[TASK] Go to the line that contains "Q: Is the spacing between letters" and extract it along with every line after it, exactly, through the end of the data below.

[Records contained in a dataset]
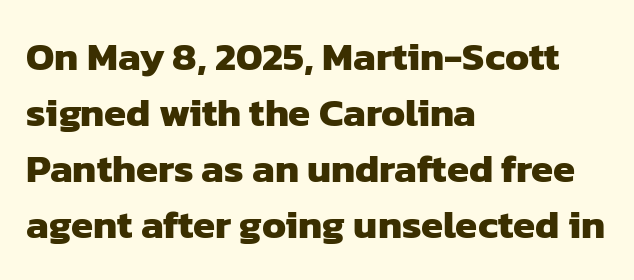
Q: Is the text bold? A: Yes.
Q: Is the typeface a serif or a sans-serif typeface? A: Sans-serif.
Q: Is the text underlined? A: No.
Q: How is the paragraph aligned? A: Left-aligned.
Q: Is the spacing between letters normal or unusually wide? A: Normal.
Q: Is the spacing between lines tight, normal or loose? A: Normal.
Q: Width (condensed, normal, or wide)? A: Normal.
Q: Stroke contrast? A: Low.
Q: x-height? A: Medium.
Q: Monospaced? A: No.

[ANSWER FOR THE TASK]
Q: Is the spacing between letters normal or unusually wide? A: Normal.
Q: Is the spacing between lines tight, normal or loose? A: Normal.
Q: Width (condensed, normal, or wide)? A: Normal.
Q: Stroke contrast? A: Low.
Q: x-height? A: Medium.
Q: Monospaced? A: No.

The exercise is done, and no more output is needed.